I recently attended a presentation of the proposed Cultana Pumped Hydro Project in the Spencer Gulf South Australia, using sea water. Specifications are 225 MW power, 1,770 MWh storage capacity. It is conceptually similar to the Japanese Okinawa project. The proponents are optimistic that the project will be economically viable and proceed. It it proceeds, it will be important for understanding the engineering and economics of these projects.
Since Australia’s NEM is an energy market, most of the revenue will be derived by arbitrage, but other ancillary services will contribute to the revenue stream. There is the possibility of entering into various contracts, such as to provide firming for intermittent renewable generators. Some of these will be a result of the recent Finkel Review.
One of the interesting outcomes of dispatchable storage is that, in an energy only market, it cannibalises its own revenue stream. Unlike ordinary generation, which derives revenue from supplying energy, storage relies on the economics of arbitrage – the absolute price does not matter, it is the difference. A more volatile market is favourable but supplying power into a volatile market ipso facto reduces the volatility. I discussed some of the traditional roles of PHS in an earlier post. Figure 5.7 from the Cultana report shows that increasing plant power capacity reduces the specific revenue.

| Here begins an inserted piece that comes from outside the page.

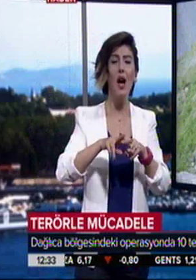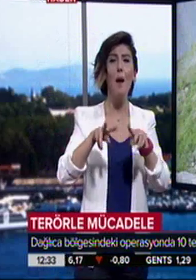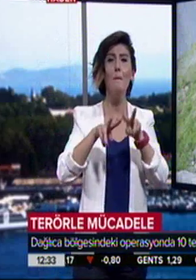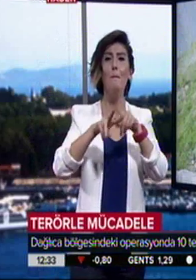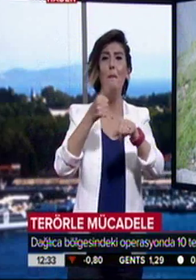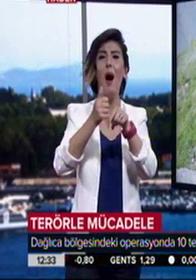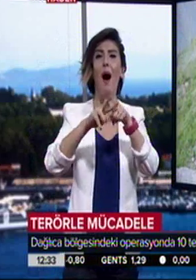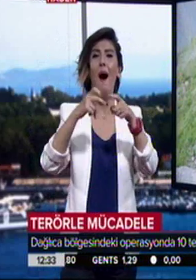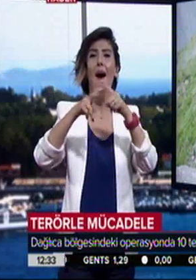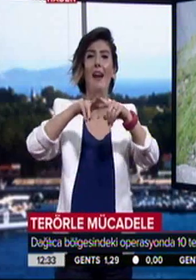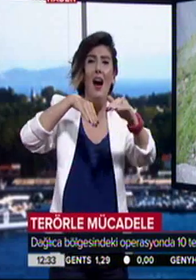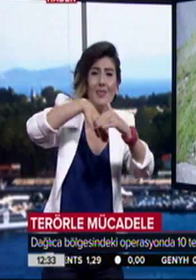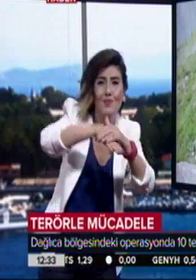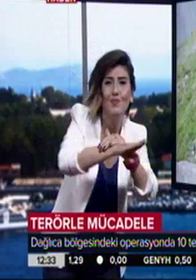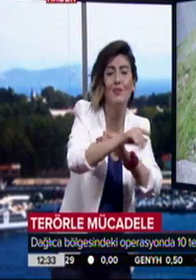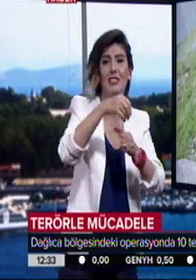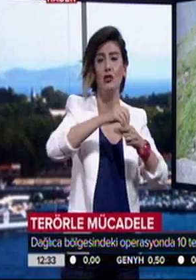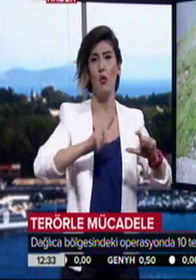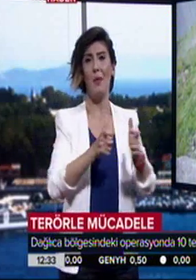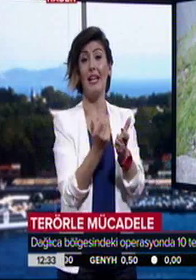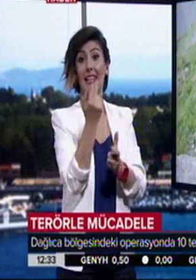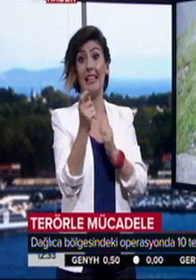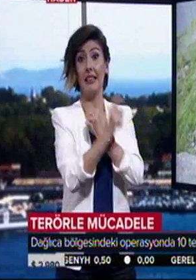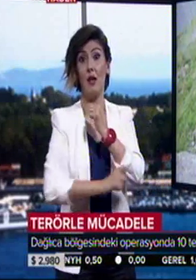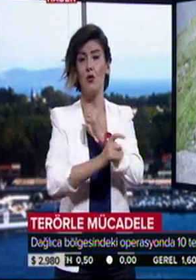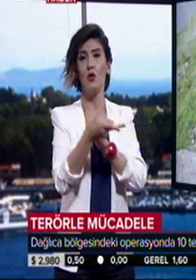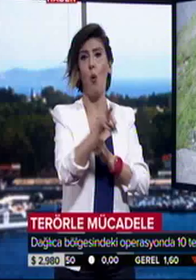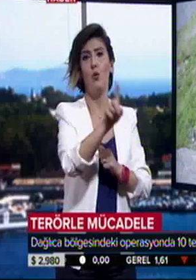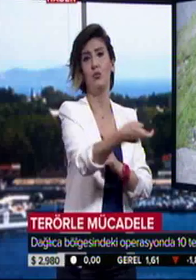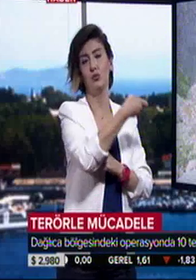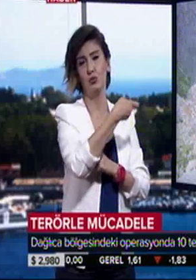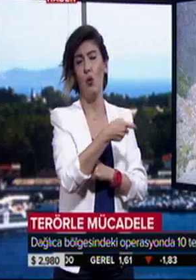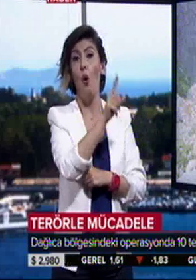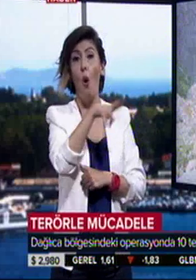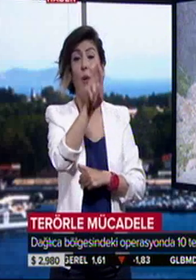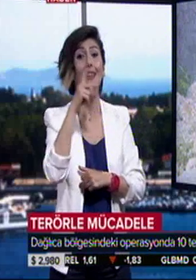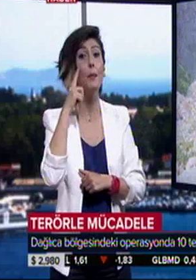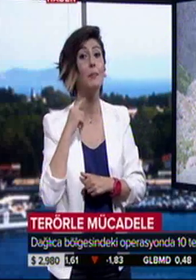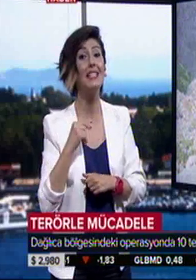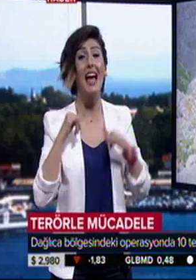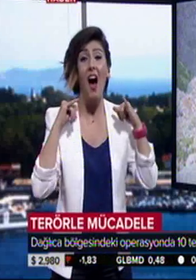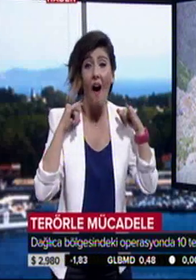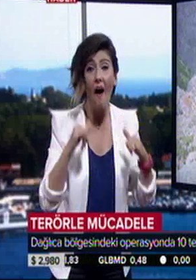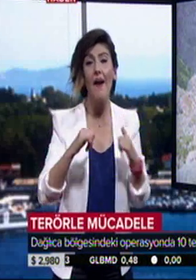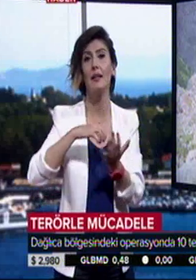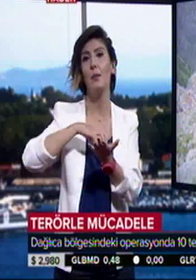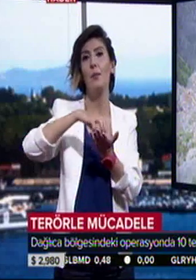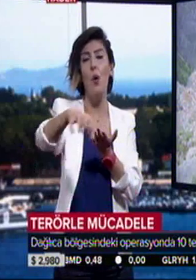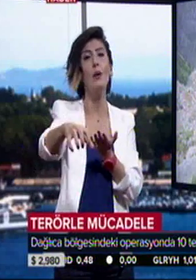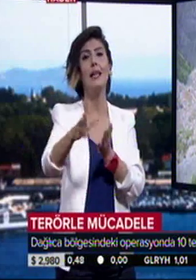mağaraya yapılan operasyonda 7 terörist ölü olarak ele geçirildi. 17 Mayıs'ta yine aynı bölgede sürdürülen

At the end of the presentation, Andrea Bunting posed the question as to how the NEM market could facilitate further storage projects. Andrea was really thinking about how this type of project fits into a longer term 100% renewable scenario. This project would seem to be nearly exhausting economic arbitrage at the multi-hour level (batteries are going to operate mostly at the sub-hourly temporal scale) for South Australia. If so, then how much storage is going to be required in a national 100% RE scenario and is an energy-only market up to the task? The figure above suggests no.
This is where the possibilities of peer-to-peer (P2P) networks and blockchain enter. Some distribution network service providers (DNSPs) and retailers have been exploring the role of peer-to-peer energy trading, including the use of blockchain to provide real-time clearance of energy trades. The DNSPs are in the box seat because they own the meter and network infrastructure. Whether they chose to simply apply a per-trade or per-access fee or actively participate in trading is an open question. In principle, the internet could be used to facilitate trading separate from the electricity infrastructure but physical separation also makes the system more vulnerable.
I’m pretty skeptical that P2P of rooftop solar without storage can offer much value to the incumbent system. Most of the value would be in bypassing retail margins, which would certainly be popular, but it’s not obvious to me that the reward would be worth the effort. Retailers like the idea because it provides a way to retain edgy customers. Furthermore, the asymmetry of knowledge works out mostly in the retailer’s favour. But the real potential will come from the capability of dispatchable storage. But storage will be mostly limited to a couple of hours storage and mostly relevant for network support rather than support for the bulk generation system. This is an interesting space.
Back to Andrea’s question, the scenario literature suggests that multi-week storage is going to be required for 100% RE. This storage is usually modelled as either stored sunlight in the form of biomass; prehistoric stored sunlight consisting of retention of fossil fuel plant running gas or coal; hydrogen or methane based storage charged with RE; or variations on electricity-based storage including pumped hydro or batteries.
To give some examples, Palzer and Henning used 45 days of methane storage (equated at full-load electrical capacity for average annual demand) for Germany. Aghahosseini et al. used around 14 days of methane storage for North America. Lenzen et al used biomass equating to 21 days of full-load electrical capacity and Elliston et al. used biofuels, equating to 50 days full-load electrical capacity. Preston used 21 days of electrical storage. Concentrated solar offers a half day of storage but unlike other storage, only charges when there is clear sunlight and surplus power, leading to the ‘big gaps’ problem in winter.
To get a sense of scale, the NEM supplies about 600 GWh of energy per day and the Cultan project is 1.8 GWh. This suggests that a radical re-examination of markets that can accommodate storage are going to be required.